Mr. Market Is Way Far Off On Wayfair

I've been really intrigued by Wayfair (W) recently.

It started with the purchase of a sleeper sofa last year.

Furniture shopping sucks. Showcase stores are enormous but still have fairly limited inventory, just because of the sheer size of the product. I had a pretty specific idea of what I wanted. The room was painted and carpeted, and was designed around a particular theme that I wanted to fit into. It was also pretty small, so I needed something with very specific dimensions.

To find what I was looking for at a store would have been really difficult and time consuming.

Online seemed like a better option, but I was apprehensive. Amazon doesn't really do furniture very well. Physical store's online presences are a mixed bag. Shipping costs are prohibitive.

This was before I found Wayfair. Wow! Huge selection, detailed descriptions and measurements, plenty of reviews, and… free shipping?! I ordered a sofa, it came 3 days later, fit into the room perfectly. It was a GREAT experience, and I would definitely buy from there again.

So I was curious when I saw the stock show up in the Quality Growth Spell recently. I was even curious-er when I saw the company's revenue growth rates trending at 75-80% year-over-year. And then when I saw the stock carrying just a 1.3 price-to-sales ratio… That seemed quite low to me given the growth and market opportunity.

On the flip side, we've got a vocal short contingent on Wayfair, including well-known short-side outfit Citron Research and hedge fund personality Whitney Tilson, fresh off his successful short attack on Lumber Liquidators (LL).

So who has a better case, and what is a decent price for Wayfair's stock? Let's review.

The Business

First, let's look at Wayfair's business model.

Wayfair does not own enormous warehouses full of furniture that it ships from. Its business model is more like that of Amazon Marketplace, where 3rd parties use Wayfair's websites as a platform for selling their goods. That lets Wayfair offer over 7 million products (!) from over 7,000 suppliers.

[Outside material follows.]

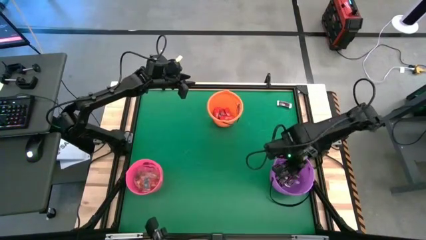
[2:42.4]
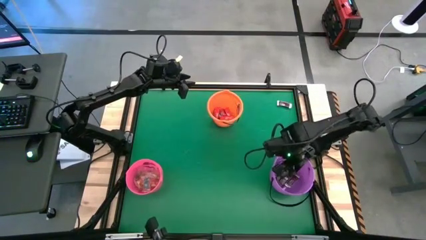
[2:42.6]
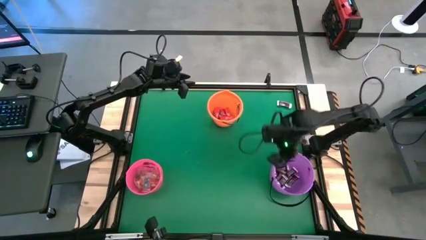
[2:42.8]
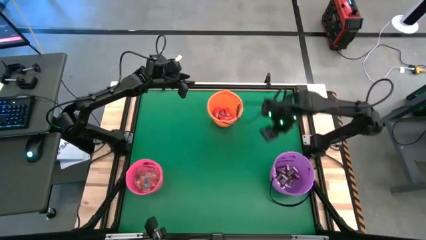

This has 2 advantages. One, it allows Wayfair to boast of easily the largest selection of any furniture retailer – anywhere. And two, since there is no inventory, cash flow is excellent. Even though Wayfair has posted GAAP losses on the earnings front, the company has been free cash flow positive.

This “matchmaker” business model has proven highly successful in the online world. It is a model used by a number of successful companies such as eBay (EBAY), Priceline (PCLN), Alibaba (BABA), Uber, and many others.

In addition to the two advantages listed above, the model also creates a strong network effect. Small home goods retailers want to sell on Wayfair to leverage its investments in technology, brand building, and advertising. Customers want to buy on Wayfair for its massive selection, convenience, and free shipping. This creates a large network that is extremely hard for new competitors to replicate or compete against.